═════ TASK DATA
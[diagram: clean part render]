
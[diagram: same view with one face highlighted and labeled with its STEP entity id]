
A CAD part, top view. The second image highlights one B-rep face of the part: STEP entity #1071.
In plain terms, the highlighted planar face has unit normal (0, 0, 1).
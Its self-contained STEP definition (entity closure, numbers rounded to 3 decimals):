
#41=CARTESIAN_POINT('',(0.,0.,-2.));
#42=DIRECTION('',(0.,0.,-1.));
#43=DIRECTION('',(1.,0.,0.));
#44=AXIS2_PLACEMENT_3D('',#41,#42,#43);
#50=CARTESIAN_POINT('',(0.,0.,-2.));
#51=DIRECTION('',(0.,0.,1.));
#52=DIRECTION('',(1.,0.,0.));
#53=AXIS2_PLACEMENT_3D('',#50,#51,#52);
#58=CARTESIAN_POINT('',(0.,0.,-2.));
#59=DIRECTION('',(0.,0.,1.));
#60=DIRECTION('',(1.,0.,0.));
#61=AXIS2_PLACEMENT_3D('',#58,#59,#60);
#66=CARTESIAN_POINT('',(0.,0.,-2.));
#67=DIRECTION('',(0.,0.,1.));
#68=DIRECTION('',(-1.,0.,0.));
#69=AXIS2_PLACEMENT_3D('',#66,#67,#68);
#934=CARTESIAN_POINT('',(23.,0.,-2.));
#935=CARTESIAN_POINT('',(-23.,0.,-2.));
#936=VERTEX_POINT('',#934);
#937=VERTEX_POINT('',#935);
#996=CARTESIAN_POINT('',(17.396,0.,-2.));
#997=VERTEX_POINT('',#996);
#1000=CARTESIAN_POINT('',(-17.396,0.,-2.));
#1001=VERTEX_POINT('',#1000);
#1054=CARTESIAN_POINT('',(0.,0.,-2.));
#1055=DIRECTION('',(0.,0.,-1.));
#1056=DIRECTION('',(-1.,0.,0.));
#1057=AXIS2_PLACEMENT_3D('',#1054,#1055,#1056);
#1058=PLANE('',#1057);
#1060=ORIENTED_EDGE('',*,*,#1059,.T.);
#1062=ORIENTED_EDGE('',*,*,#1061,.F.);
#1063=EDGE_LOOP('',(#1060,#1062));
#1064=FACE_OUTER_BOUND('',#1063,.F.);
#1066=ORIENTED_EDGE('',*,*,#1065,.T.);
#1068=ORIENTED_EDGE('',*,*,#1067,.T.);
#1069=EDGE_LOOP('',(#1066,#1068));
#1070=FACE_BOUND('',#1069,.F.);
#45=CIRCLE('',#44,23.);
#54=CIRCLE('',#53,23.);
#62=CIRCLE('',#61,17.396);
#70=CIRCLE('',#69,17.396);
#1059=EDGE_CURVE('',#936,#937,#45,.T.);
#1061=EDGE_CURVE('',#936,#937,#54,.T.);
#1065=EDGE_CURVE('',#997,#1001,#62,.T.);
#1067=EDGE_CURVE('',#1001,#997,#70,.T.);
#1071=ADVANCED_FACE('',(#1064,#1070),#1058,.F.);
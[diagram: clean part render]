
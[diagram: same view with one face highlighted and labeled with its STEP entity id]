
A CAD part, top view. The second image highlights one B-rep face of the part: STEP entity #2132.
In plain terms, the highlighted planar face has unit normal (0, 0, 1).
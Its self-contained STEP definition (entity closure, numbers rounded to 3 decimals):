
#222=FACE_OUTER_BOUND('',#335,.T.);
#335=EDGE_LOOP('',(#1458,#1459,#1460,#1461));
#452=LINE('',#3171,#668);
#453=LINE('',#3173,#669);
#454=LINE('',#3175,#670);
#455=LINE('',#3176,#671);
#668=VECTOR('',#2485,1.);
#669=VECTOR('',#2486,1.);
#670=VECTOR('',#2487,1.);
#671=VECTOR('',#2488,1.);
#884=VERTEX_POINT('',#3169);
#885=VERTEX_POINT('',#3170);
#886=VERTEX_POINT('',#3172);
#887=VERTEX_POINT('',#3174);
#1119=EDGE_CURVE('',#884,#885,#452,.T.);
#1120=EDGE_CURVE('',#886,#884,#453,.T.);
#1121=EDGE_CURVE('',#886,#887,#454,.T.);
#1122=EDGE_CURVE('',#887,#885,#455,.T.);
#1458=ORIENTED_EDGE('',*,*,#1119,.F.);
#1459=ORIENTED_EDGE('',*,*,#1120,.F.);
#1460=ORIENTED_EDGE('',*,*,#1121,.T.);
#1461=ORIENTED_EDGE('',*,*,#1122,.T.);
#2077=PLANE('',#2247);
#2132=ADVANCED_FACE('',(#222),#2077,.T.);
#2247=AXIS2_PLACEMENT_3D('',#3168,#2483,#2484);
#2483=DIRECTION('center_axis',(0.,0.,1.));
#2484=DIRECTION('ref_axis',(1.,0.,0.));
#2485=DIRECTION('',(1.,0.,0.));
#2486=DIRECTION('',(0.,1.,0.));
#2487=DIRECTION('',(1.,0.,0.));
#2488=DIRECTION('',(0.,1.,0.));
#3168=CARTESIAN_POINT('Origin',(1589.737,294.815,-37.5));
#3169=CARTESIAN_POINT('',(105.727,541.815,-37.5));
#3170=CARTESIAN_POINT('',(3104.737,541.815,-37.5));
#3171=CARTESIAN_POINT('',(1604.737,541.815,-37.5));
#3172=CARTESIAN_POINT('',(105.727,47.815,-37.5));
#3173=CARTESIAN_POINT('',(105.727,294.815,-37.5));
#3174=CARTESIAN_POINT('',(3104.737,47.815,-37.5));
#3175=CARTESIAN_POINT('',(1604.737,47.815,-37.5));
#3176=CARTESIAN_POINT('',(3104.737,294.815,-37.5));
══════════
* _WHAT THIS TASK INVOLVES_
Line by line, copy the records exactly.

* _EXERCISE RESPONSE_
[diagram: clean part render]
[diagram: same view with one face highlighted and labeled with its STEP entity id]
A CAD part, top view. The second image highlights one B-rep face of the part: STEP entity #1071.
In plain terms, the highlighted planar face has unit normal (0, 0, 1).
Its self-contained STEP definition (entity closure, numbers rounded to 3 decimals):
#41=CARTESIAN_POINT('',(0.,0.,-2.));
#42=DIRECTION('',(0.,0.,-1.));
#43=DIRECTION('',(1.,0.,0.));
#44=AXIS2_PLACEMENT_3D('',#41,#42,#43);
#50=CARTESIAN_POINT('',(0.,0.,-2.));
#51=DIRECTION('',(0.,0.,1.));
#52=DIRECTION('',(1.,0.,0.));
#53=AXIS2_PLACEMENT_3D('',#50,#51,#52);
#58=CARTESIAN_POINT('',(0.,0.,-2.));
#59=DIRECTION('',(0.,0.,1.));
#60=DIRECTION('',(1.,0.,0.));
#61=AXIS2_PLACEMENT_3D('',#58,#59,#60);
#66=CARTESIAN_POINT('',(0.,0.,-2.));
#67=DIRECTION('',(0.,0.,1.));
#68=DIRECTION('',(-1.,0.,0.));
#69=AXIS2_PLACEMENT_3D('',#66,#67,#68);
#934=CARTESIAN_POINT('',(23.,0.,-2.));
#935=CARTESIAN_POINT('',(-23.,0.,-2.));
#936=VERTEX_POINT('',#934);
#937=VERTEX_POINT('',#935);
#996=CARTESIAN_POINT('',(17.396,0.,-2.));
#997=VERTEX_POINT('',#996);
#1000=CARTESIAN_POINT('',(-17.396,0.,-2.));
#1001=VERTEX_POINT('',#1000);
#1054=CARTESIAN_POINT('',(0.,0.,-2.));
#1055=DIRECTION('',(0.,0.,-1.));
#1056=DIRECTION('',(-1.,0.,0.));
#1057=AXIS2_PLACEMENT_3D('',#1054,#1055,#1056);
#1058=PLANE('',#1057);
#1060=ORIENTED_EDGE('',*,*,#1059,.T.);
#1062=ORIENTED_EDGE('',*,*,#1061,.F.);
#1063=EDGE_LOOP('',(#1060,#1062));
#1064=FACE_OUTER_BOUND('',#1063,.F.);
#1066=ORIENTED_EDGE('',*,*,#1065,.T.);
#1068=ORIENTED_EDGE('',*,*,#1067,.T.);
#1069=EDGE_LOOP('',(#1066,#1068));
#1070=FACE_BOUND('',#1069,.F.);
#45=CIRCLE('',#44,23.);
#54=CIRCLE('',#53,23.);
#62=CIRCLE('',#61,17.396);
#70=CIRCLE('',#69,17.396);
#1059=EDGE_CURVE('',#936,#937,#45,.T.);
#1061=EDGE_CURVE('',#936,#937,#54,.T.);
#1065=EDGE_CURVE('',#997,#1001,#62,.T.);
#1067=EDGE_CURVE('',#1001,#997,#70,.T.);
#1071=ADVANCED_FACE('',(#1064,#1070),#1058,.F.);
[diagram: clean part render]
[diagram: same view with one face highlighted and labeled with its STEP entity id]
A CAD part, top view. The second image highlights one B-rep face of the part: STEP entity #2132.
In plain terms, the highlighted planar face has unit normal (0, 0, 1).
Its self-contained STEP definition (entity closure, numbers rounded to 3 decimals):
#222=FACE_OUTER_BOUND('',#335,.T.);
#335=EDGE_LOOP('',(#1458,#1459,#1460,#1461));
#452=LINE('',#3171,#668);
#453=LINE('',#3173,#669);
#454=LINE('',#3175,#670);
#455=LINE('',#3176,#671);
#668=VECTOR('',#2485,1.);
#669=VECTOR('',#2486,1.);
#670=VECTOR('',#2487,1.);
#671=VECTOR('',#2488,1.);
#884=VERTEX_POINT('',#3169);
#885=VERTEX_POINT('',#3170);
#886=VERTEX_POINT('',#3172);
#887=VERTEX_POINT('',#3174);
#1119=EDGE_CURVE('',#884,#885,#452,.T.);
#1120=EDGE_CURVE('',#886,#884,#453,.T.);
#1121=EDGE_CURVE('',#886,#887,#454,.T.);
#1122=EDGE_CURVE('',#887,#885,#455,.T.);
#1458=ORIENTED_EDGE('',*,*,#1119,.F.);
#1459=ORIENTED_EDGE('',*,*,#1120,.F.);
#1460=ORIENTED_EDGE('',*,*,#1121,.T.);
#1461=ORIENTED_EDGE('',*,*,#1122,.T.);
#2077=PLANE('',#2247);
#2132=ADVANCED_FACE('',(#222),#2077,.T.);
#2247=AXIS2_PLACEMENT_3D('',#3168,#2483,#2484);
#2483=DIRECTION('center_axis',(0.,0.,1.));
#2484=DIRECTION('ref_axis',(1.,0.,0.));
#2485=DIRECTION('',(1.,0.,0.));
#2486=DIRECTION('',(0.,1.,0.));
#2487=DIRECTION('',(1.,0.,0.));
#2488=DIRECTION('',(0.,1.,0.));
#3168=CARTESIAN_POINT('Origin',(1589.737,294.815,-37.5));
#3169=CARTESIAN_POINT('',(105.727,541.815,-37.5));
#3170=CARTESIAN_POINT('',(3104.737,541.815,-37.5));
#3171=CARTESIAN_POINT('',(1604.737,541.815,-37.5));
#3172=CARTESIAN_POINT('',(105.727,47.815,-37.5));
#3173=CARTESIAN_POINT('',(105.727,294.815,-37.5));
#3174=CARTESIAN_POINT('',(3104.737,47.815,-37.5));
#3175=CARTESIAN_POINT('',(1604.737,47.815,-37.5));
#3176=CARTESIAN_POINT('',(3104.737,294.815,-37.5));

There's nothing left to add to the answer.